FALSO INVALIDO: IL GIUDICE DISPONE UNA SUPER PERIZIA

L'uomo è accusato di truffa aggravata ai danni dello Stato


CORDIGNANO - Sarà una perizia collegiale a stabilire se un 51enne di Cordignano, finito a processo per truffa aggravata ai danni dello Stato, sia colpevole o meno. A disporla, su richiesta delle parti, è stato il giudice Piera De Stefani, che conferirà l'incarico il prossimo 18 gennaio. I professionisti chiamati a effettuarla dovranno rispondere a due quesiti: verificare la reale entità dei postumi del sinistro di cui sarebbe rimasto vittima l'imputato e decretare se ci sia stato un nesso di causa tra le patologie fisiche e psichiche riportate dall'imputato e l'incidente sul lavoro che ne avrebbe minato la salute.

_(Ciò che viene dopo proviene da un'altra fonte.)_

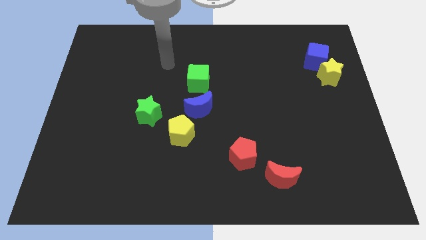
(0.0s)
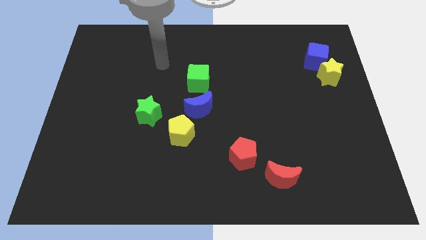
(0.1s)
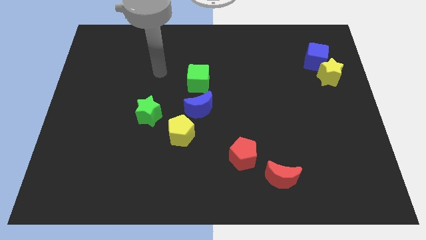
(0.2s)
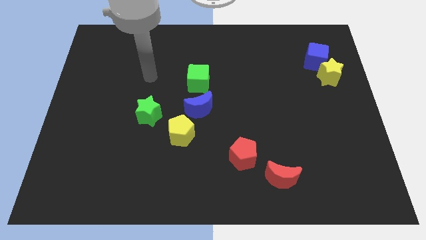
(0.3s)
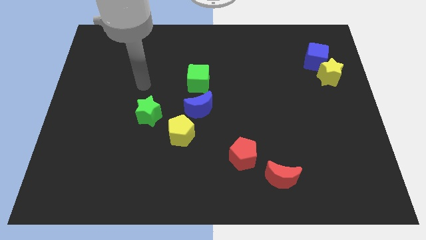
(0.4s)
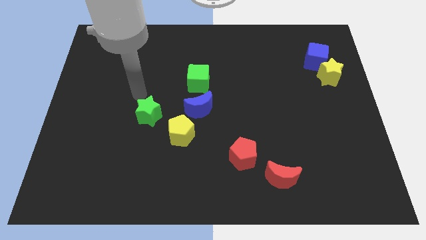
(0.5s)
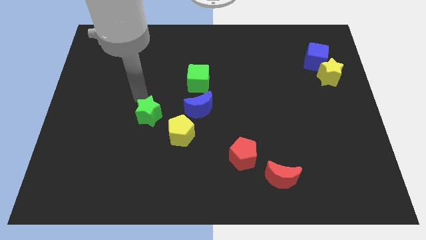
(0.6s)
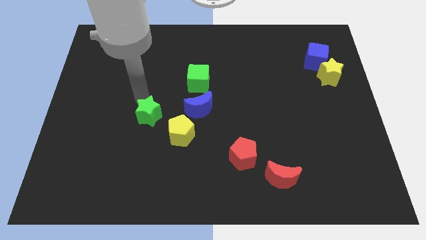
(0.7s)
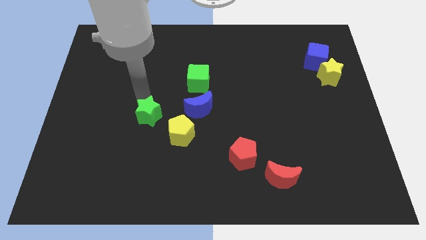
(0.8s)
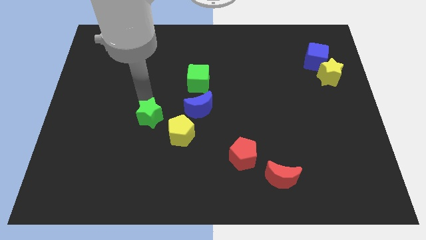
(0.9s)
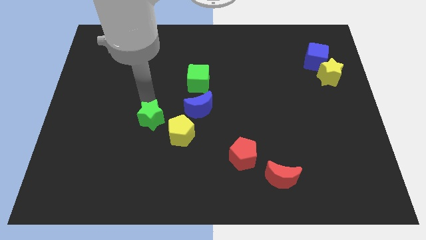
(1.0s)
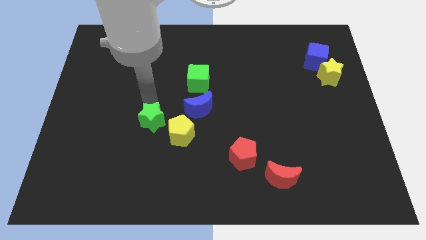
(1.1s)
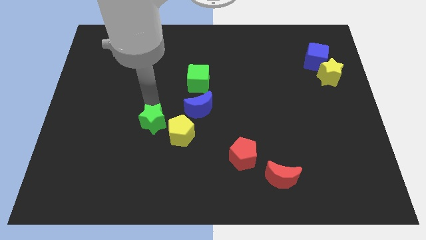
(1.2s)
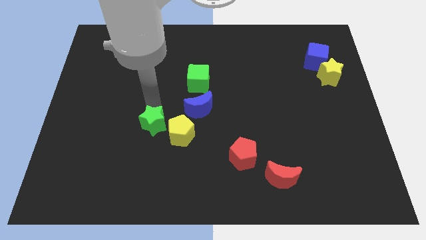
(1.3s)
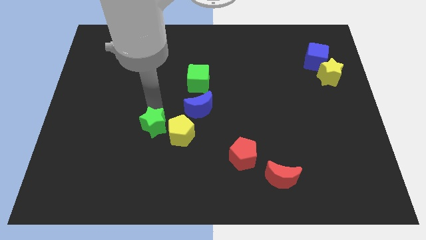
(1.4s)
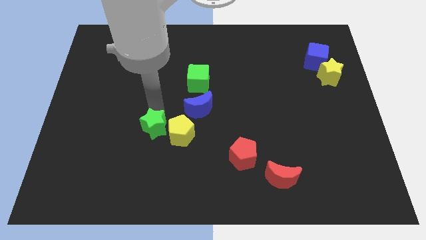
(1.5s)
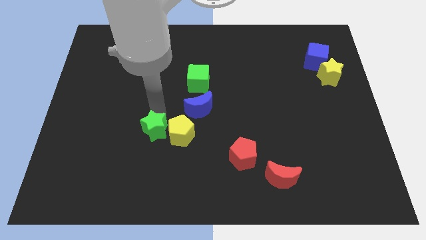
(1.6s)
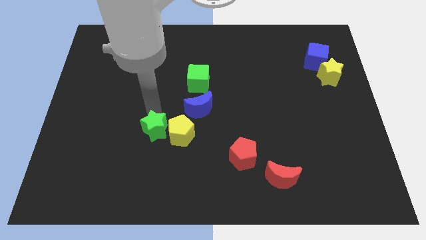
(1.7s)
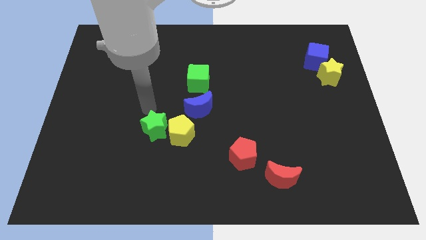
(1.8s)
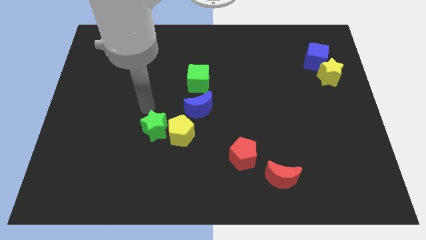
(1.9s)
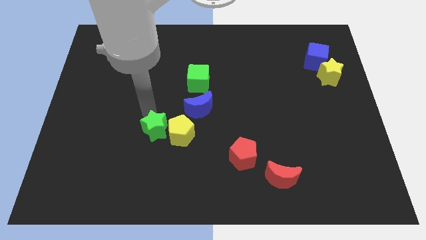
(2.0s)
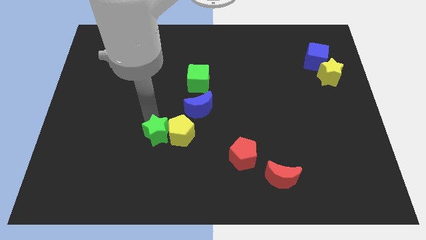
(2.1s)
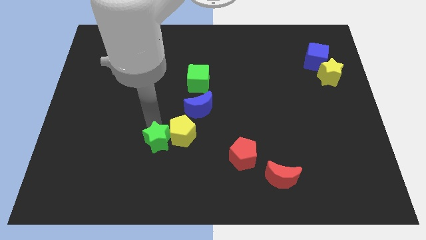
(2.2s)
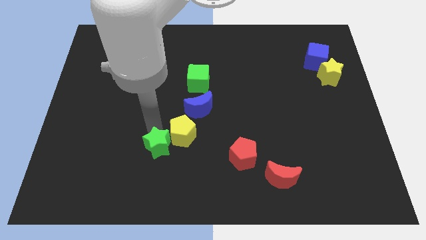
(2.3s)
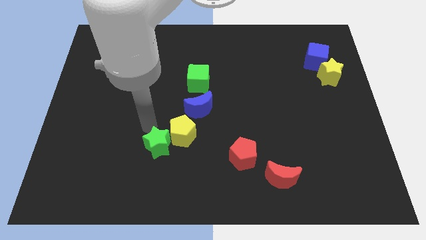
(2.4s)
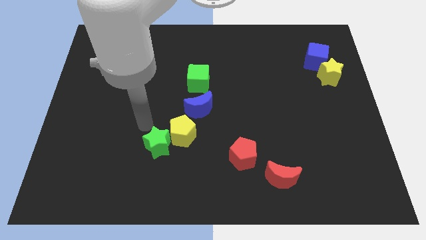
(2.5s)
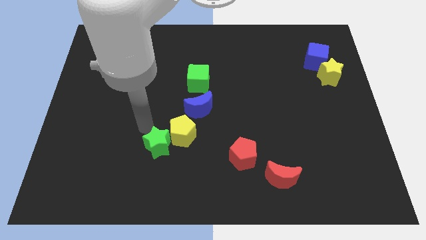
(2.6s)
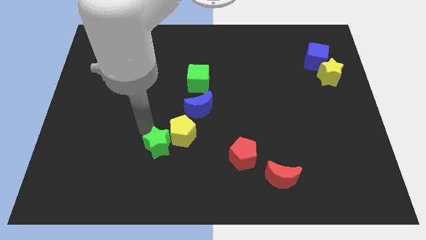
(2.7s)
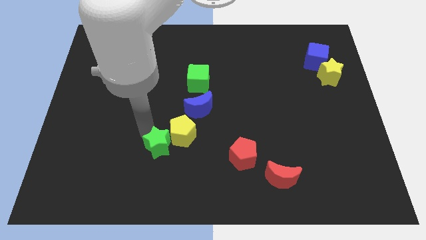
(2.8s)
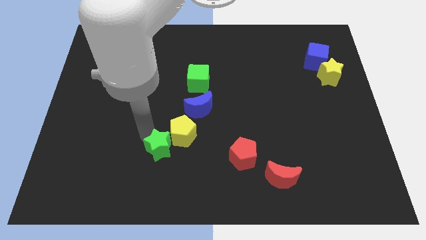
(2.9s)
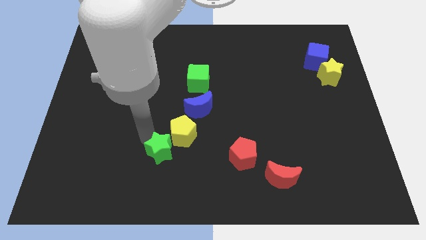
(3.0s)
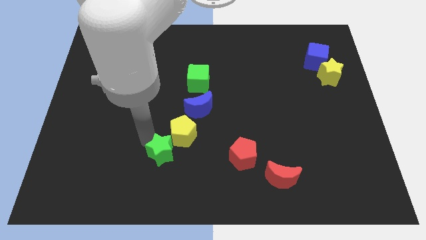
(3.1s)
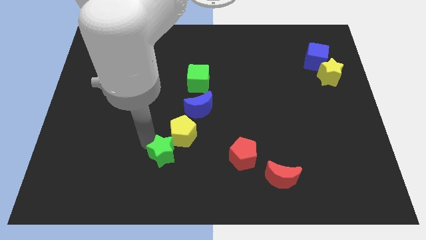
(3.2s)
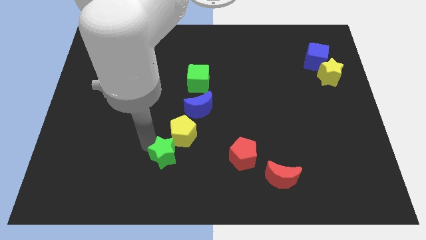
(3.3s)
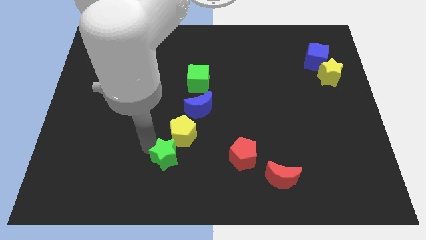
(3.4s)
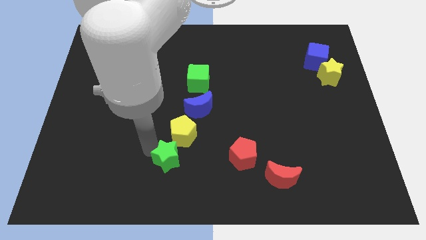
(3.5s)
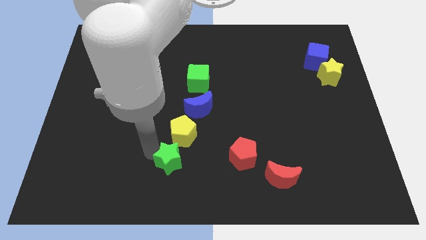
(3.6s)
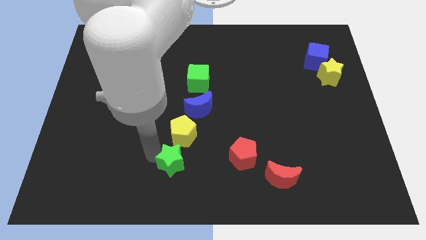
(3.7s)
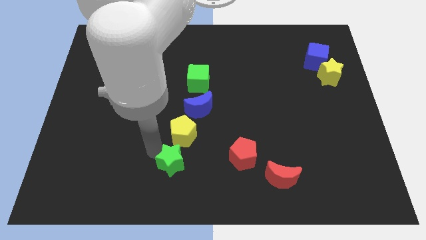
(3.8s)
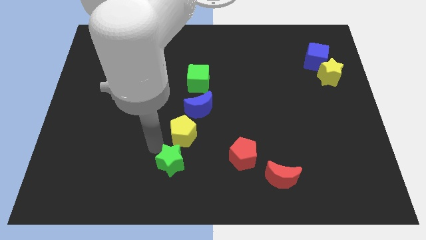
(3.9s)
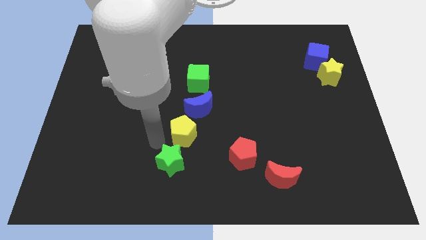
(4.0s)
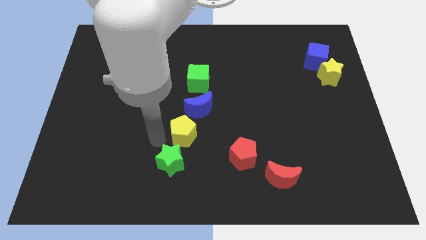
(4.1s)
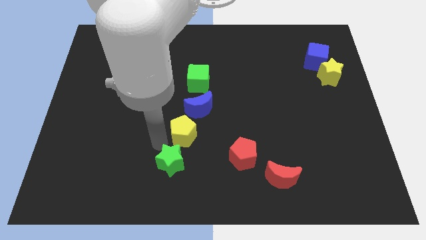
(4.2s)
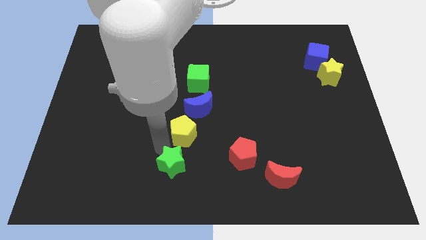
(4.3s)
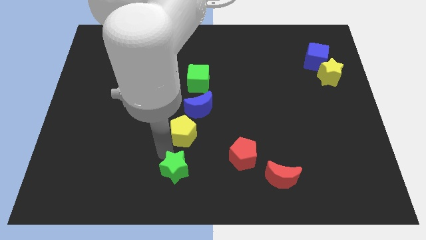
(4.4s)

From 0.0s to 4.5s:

Stando alle accuse l'uomo, rimasto vittima di un infortunio sul luogo di lavoro, avrebbe colto la palla al balzo per gonfiare i danni fisici subiti ingannando la commissione medica dell'Inail e ricevendo un'indennità di oltre 370 mila euro (di cui 117 mila già percepiti) a cui si vanno ad aggiungere più di 33 mila euro a titolo di risarcimento temporaneo per l'astensione lavorativa. In realtà, secondo quanto contestato dagli inquirenti, il presunto “falso invalido” avrebbe percepito indebitamente quel denaro raggirando sia l'azienda per cui lavorava che l'istituto nazionale per l'assicurazione contro gli infortuni sul lavoro. Il fatto incriminato risale al 22 gennaio 2008. Il danno fisico subito, oggetto di una causa civile tra vittima e azienda, si era concluso con il riconoscimento al 51enne di un grado di invalidità permanente pari al 52%. Un esito che la stessa ditta credeva sospetto. Le indagini sull'uomo non si erano infatti concluse con l'assegnazione dell'indennità. Un investigatore privato aveva portato a galla una realtà diversa da quella raccontata ai sanitari. L'uomo era stato infatti beccato alla stazione ferroviaria di Treviso mentre, senza alcun problema di deambulazione o di zoppia, caricava in auto le valigie della moglie che era andato a prendere.